** Given entries follows **

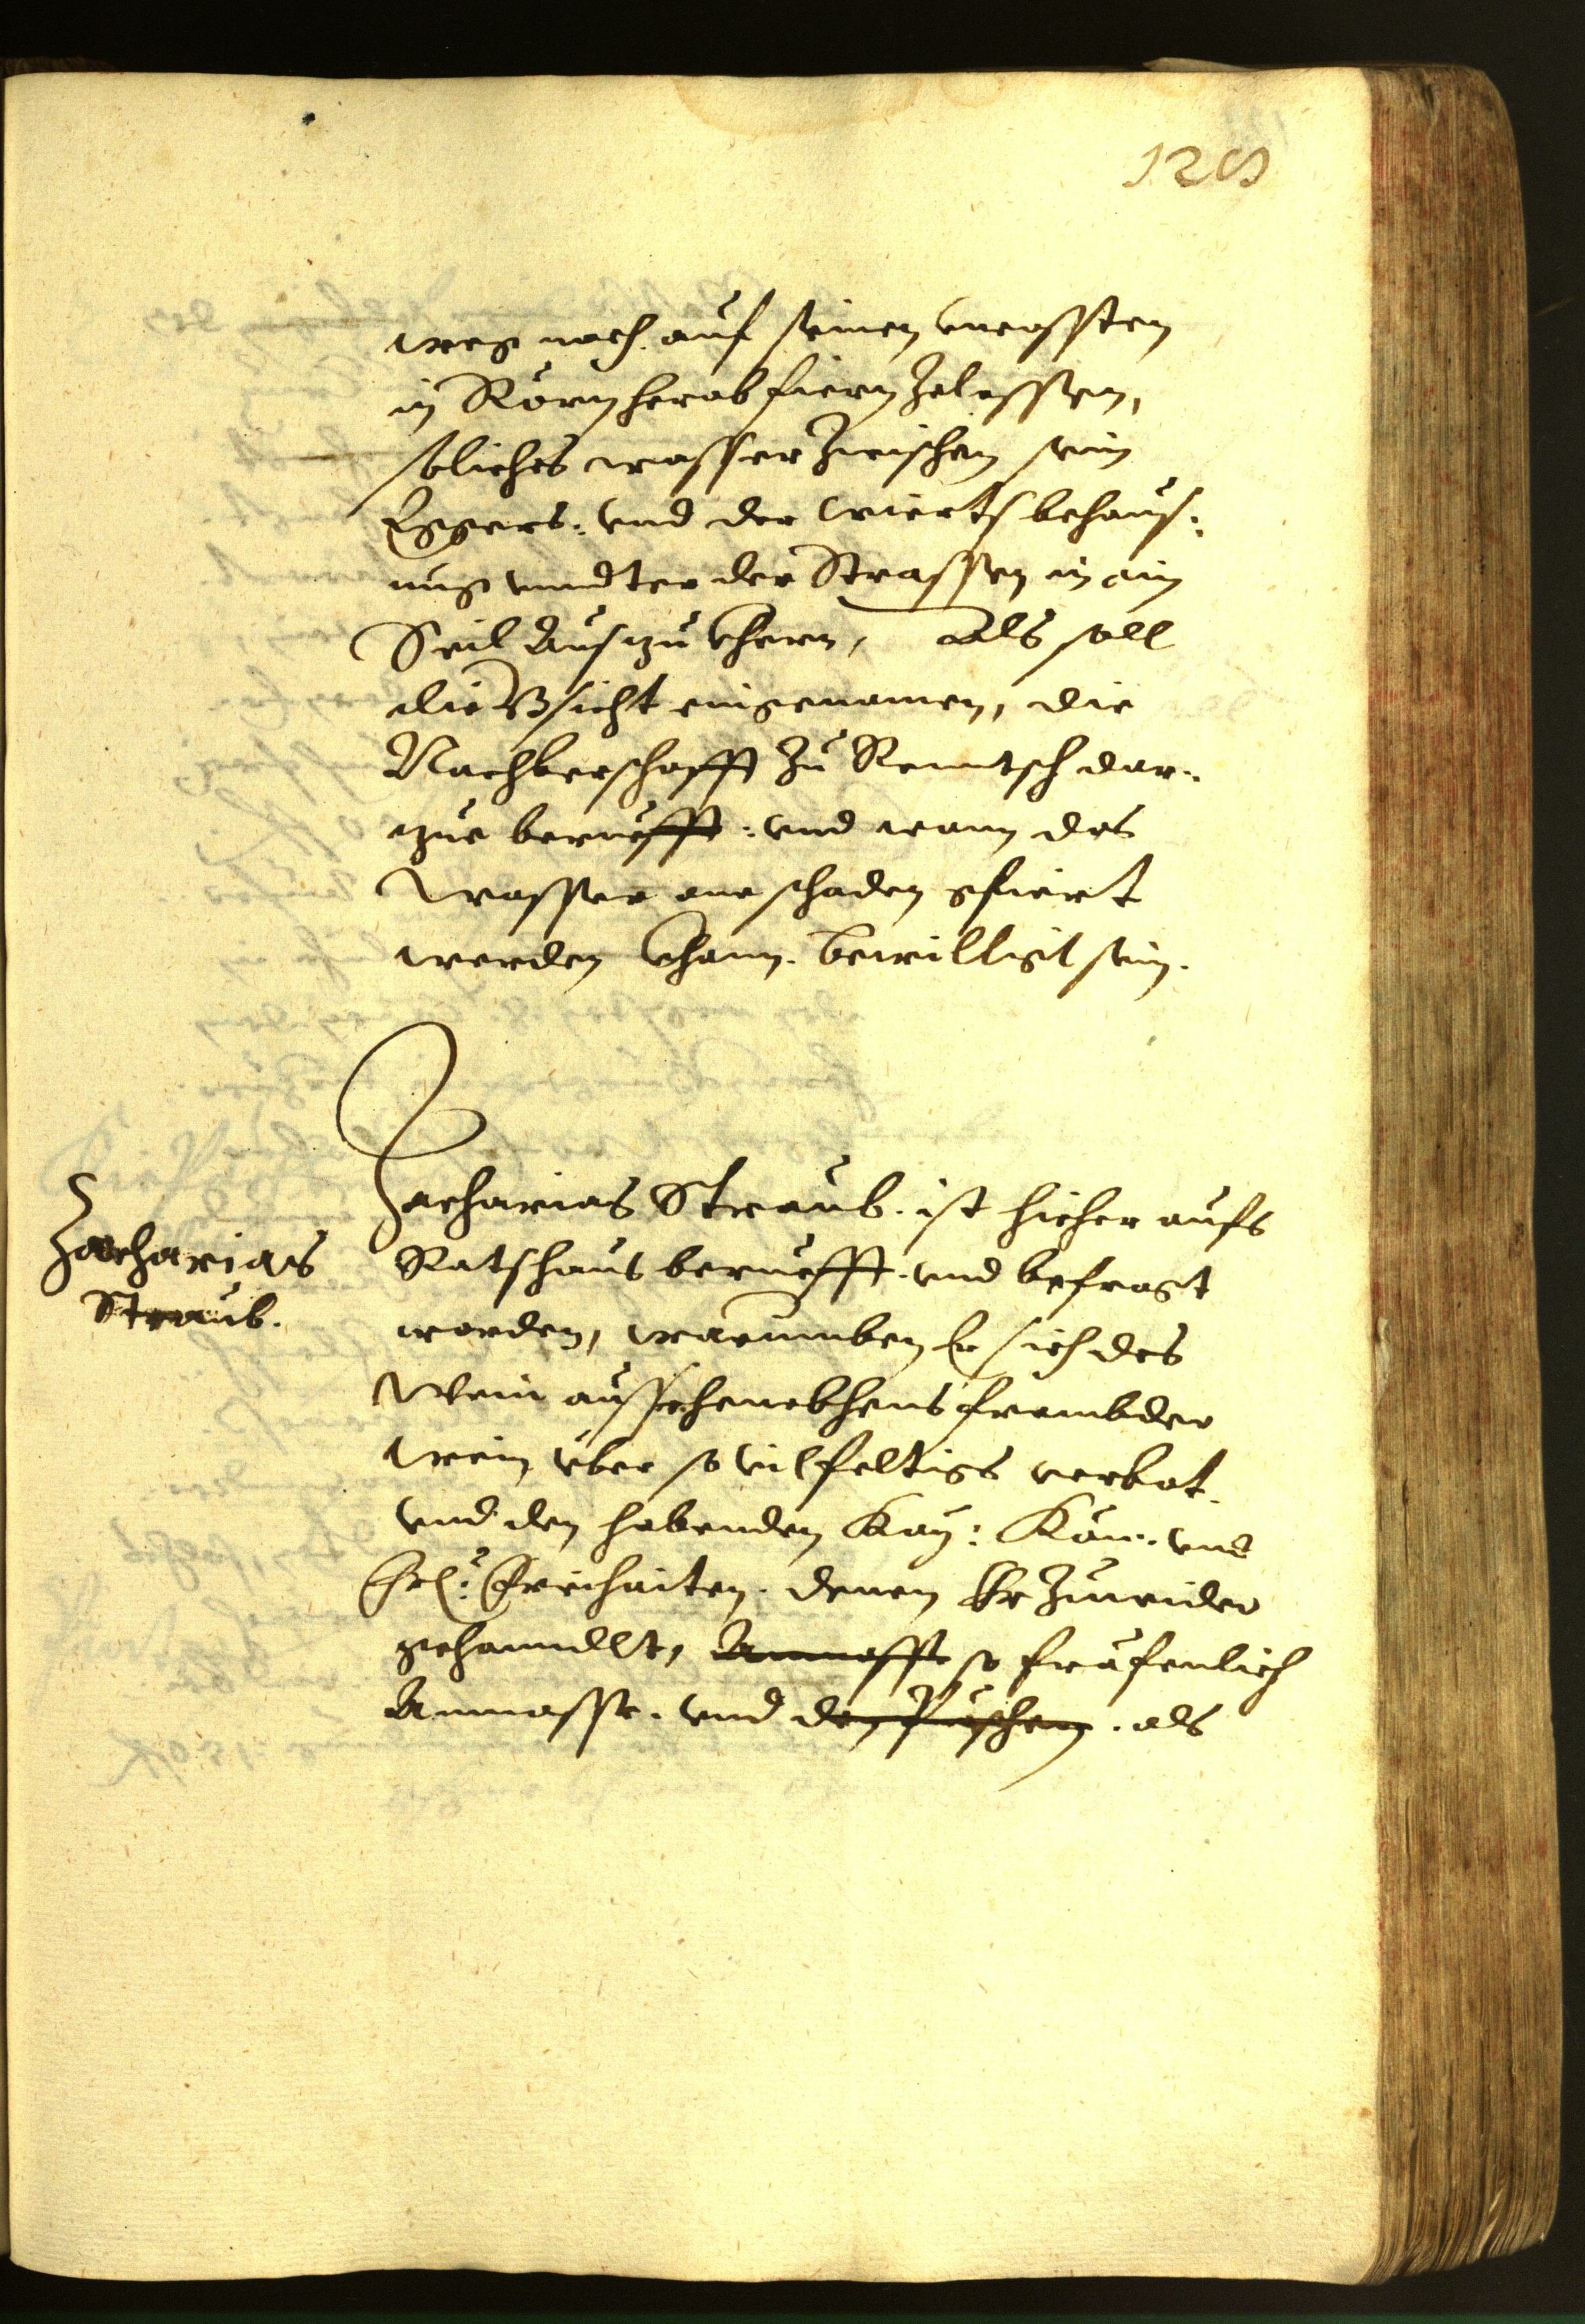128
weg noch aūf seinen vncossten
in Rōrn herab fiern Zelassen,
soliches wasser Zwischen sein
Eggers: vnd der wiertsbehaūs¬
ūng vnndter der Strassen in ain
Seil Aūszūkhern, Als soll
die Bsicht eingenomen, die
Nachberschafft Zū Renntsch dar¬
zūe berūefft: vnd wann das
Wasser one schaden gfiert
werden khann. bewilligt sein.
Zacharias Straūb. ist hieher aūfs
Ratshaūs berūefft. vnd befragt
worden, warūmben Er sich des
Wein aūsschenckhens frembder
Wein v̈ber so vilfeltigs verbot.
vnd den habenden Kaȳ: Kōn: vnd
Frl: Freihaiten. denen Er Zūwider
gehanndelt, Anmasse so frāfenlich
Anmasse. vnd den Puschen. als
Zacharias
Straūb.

** End of Given entries **

* **Goal of the exercise**: Look through the entries above; find each line with the word "berūefft" and copy it.

* **Exercise output**:
zūe berūefft: vnd wann das
Ratshaūs berūefft. vnd befragt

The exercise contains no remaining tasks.